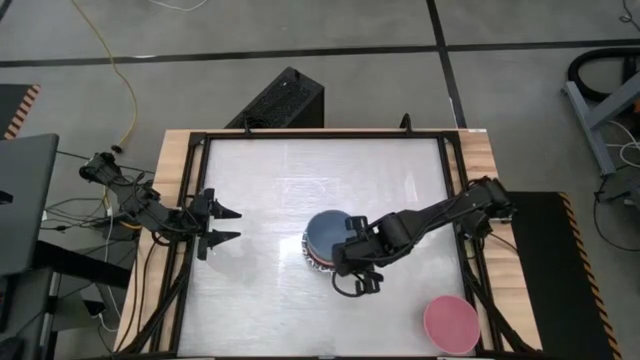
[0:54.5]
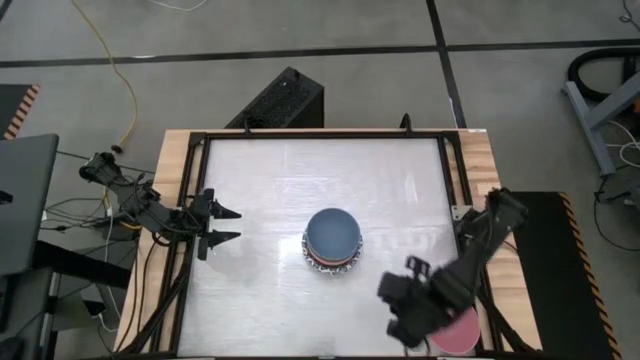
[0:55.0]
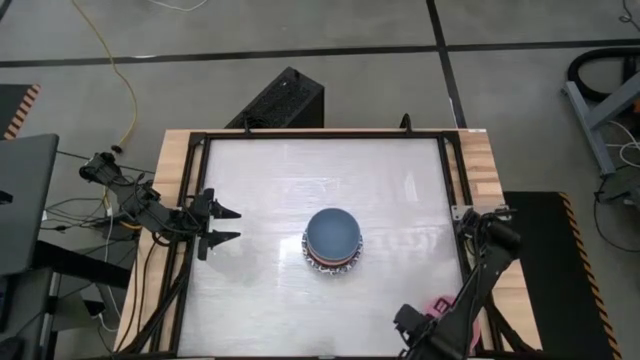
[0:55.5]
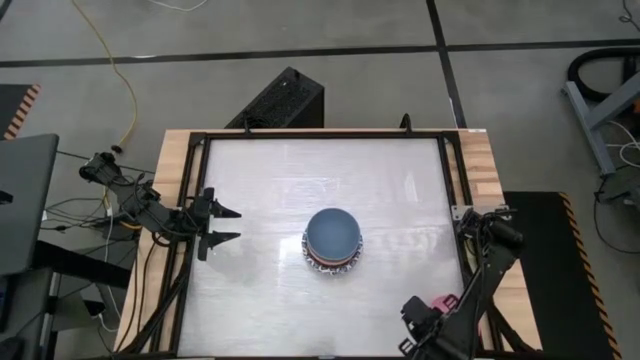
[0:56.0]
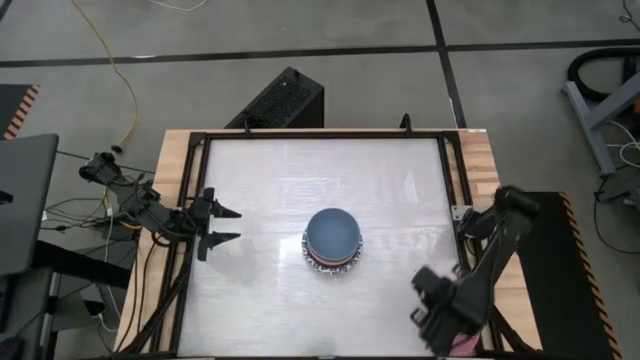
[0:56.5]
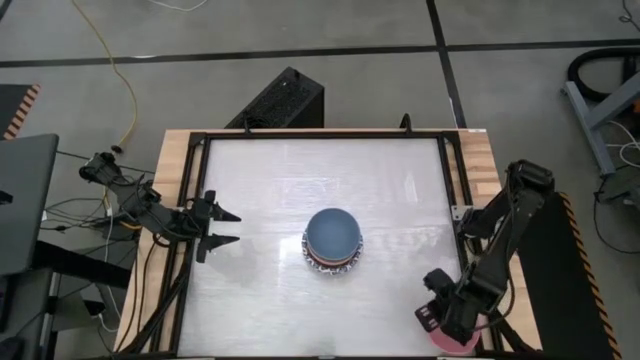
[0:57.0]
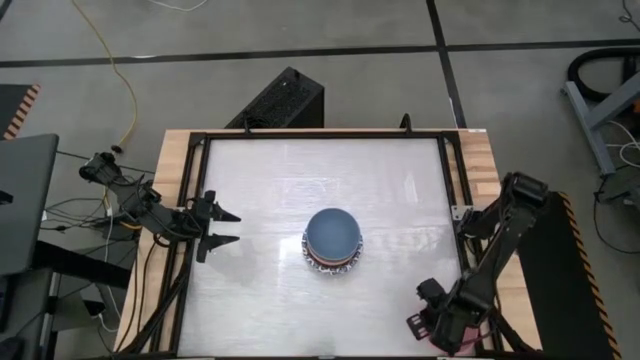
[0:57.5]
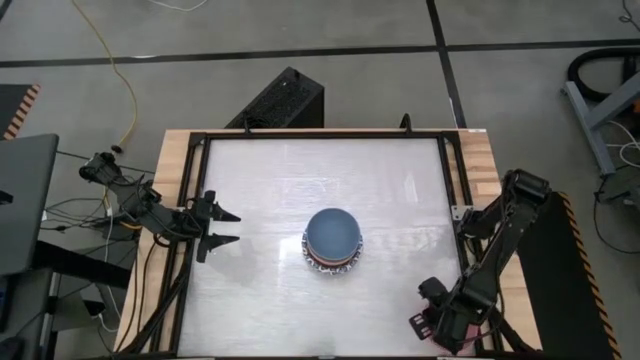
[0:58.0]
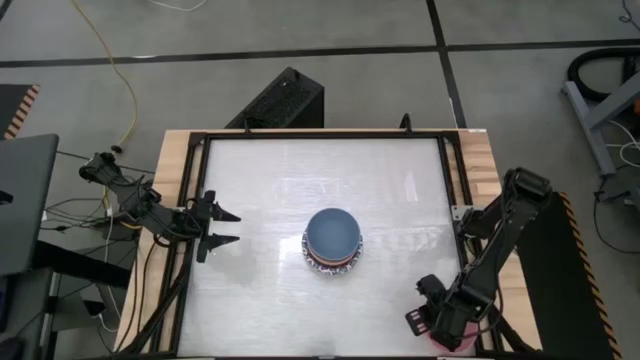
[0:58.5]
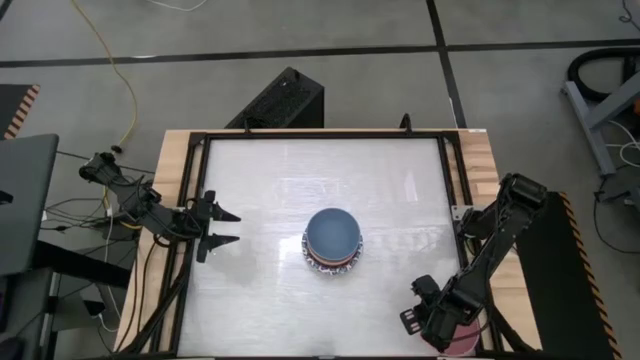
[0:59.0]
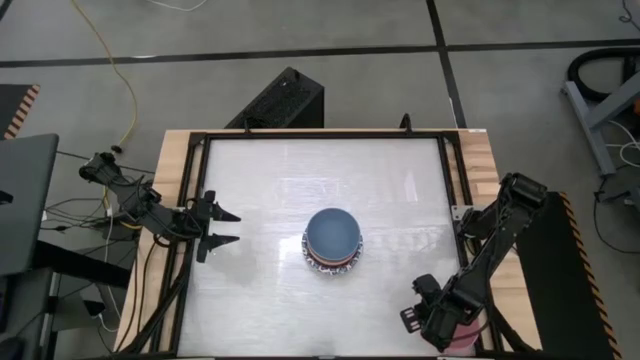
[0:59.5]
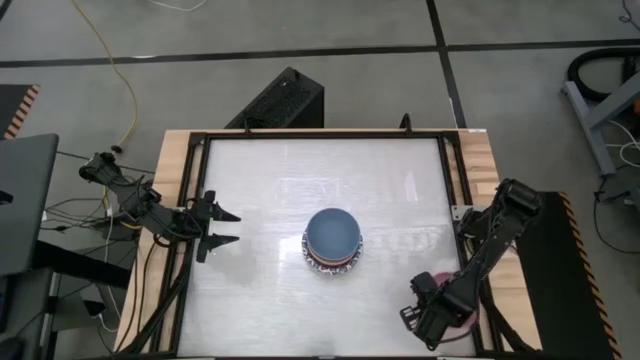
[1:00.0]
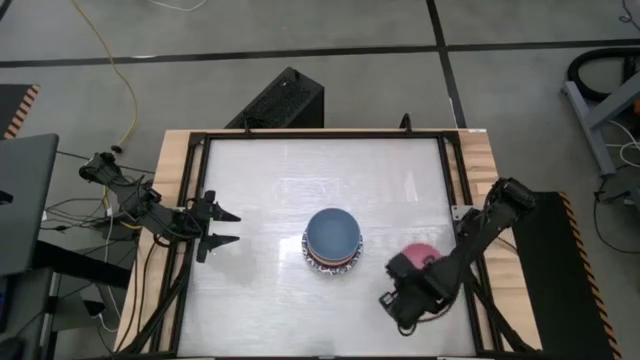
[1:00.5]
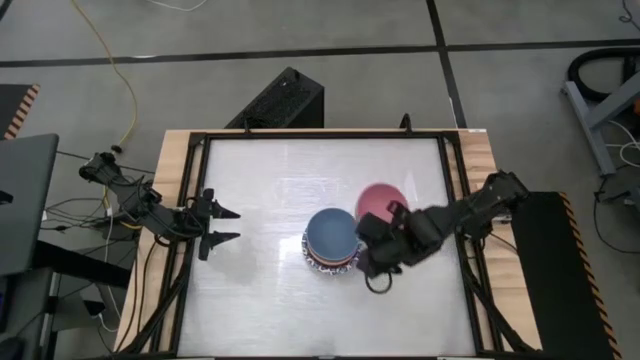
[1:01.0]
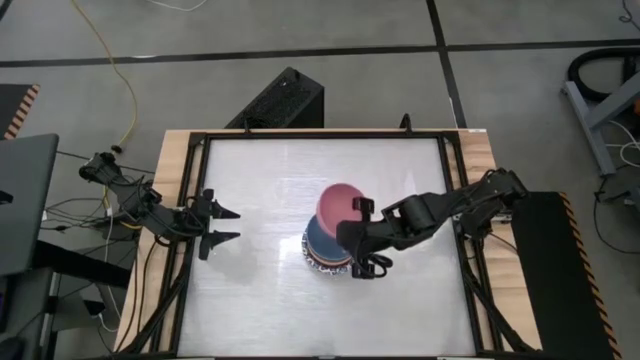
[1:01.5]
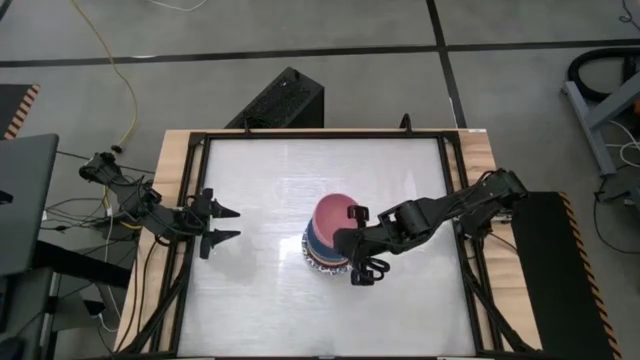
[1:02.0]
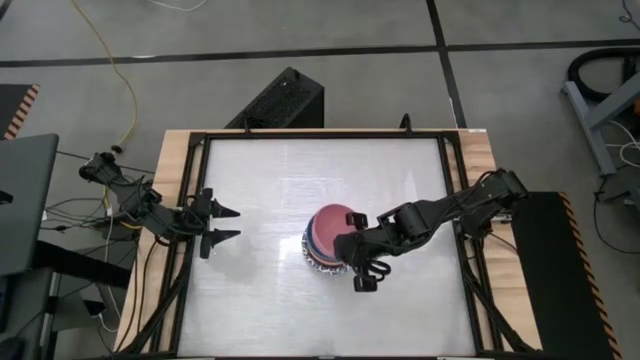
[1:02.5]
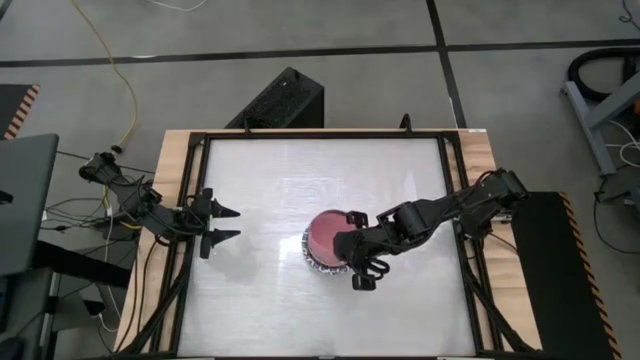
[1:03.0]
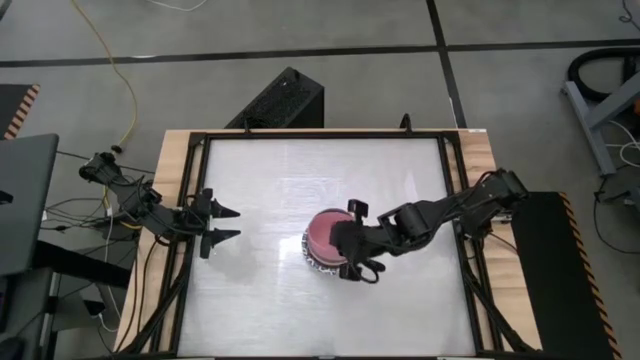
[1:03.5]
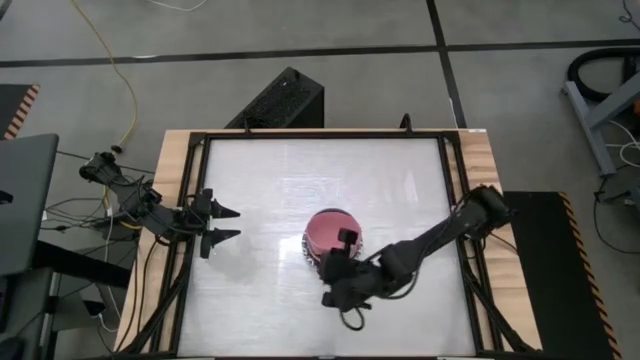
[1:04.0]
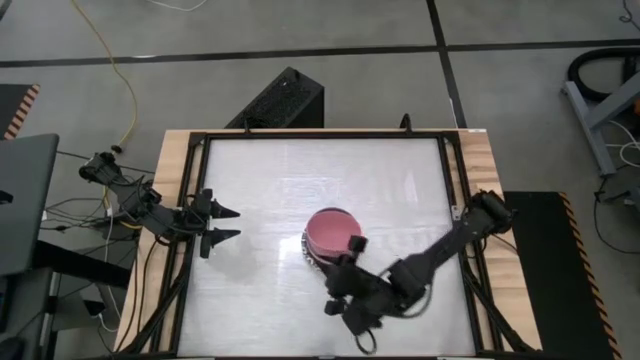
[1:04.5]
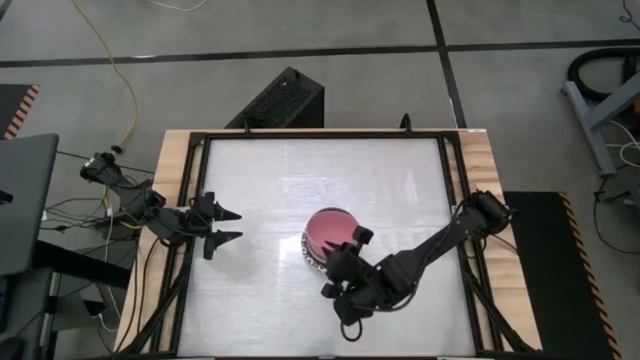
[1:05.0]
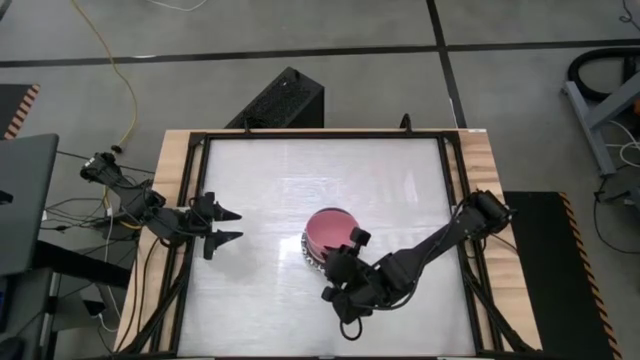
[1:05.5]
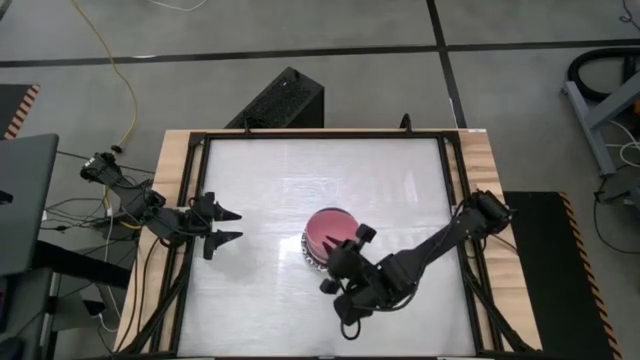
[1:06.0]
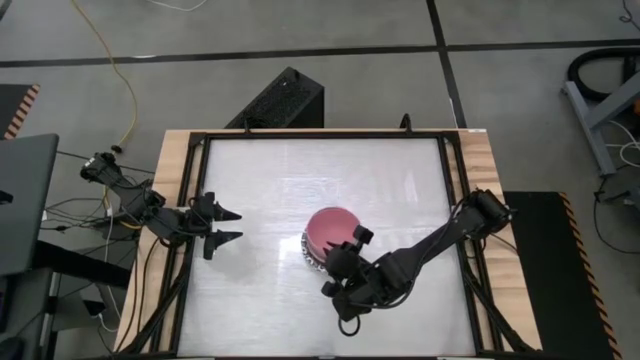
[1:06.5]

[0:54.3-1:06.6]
Stack the pink bowl into the blue bowl

▸ YOUR ASSIGNMENT
Skip the pictures and give the entries above again word for word.

▸ OUTPUT
[0:54.5]
[0:55.0]
[0:55.5]
[0:56.0]
[0:56.5]
[0:57.0]
[0:57.5]
[0:58.0]
[0:58.5]
[0:59.0]
[0:59.5]
[1:00.0]
[1:00.5]
[1:01.0]
[1:01.5]
[1:02.0]
[1:02.5]
[1:03.0]
[1:03.5]
[1:04.0]
[1:04.5]
[1:05.0]
[1:05.5]
[1:06.0]
[1:06.5]

[0:54.3-1:06.6]
Stack the pink bowl into the blue bowl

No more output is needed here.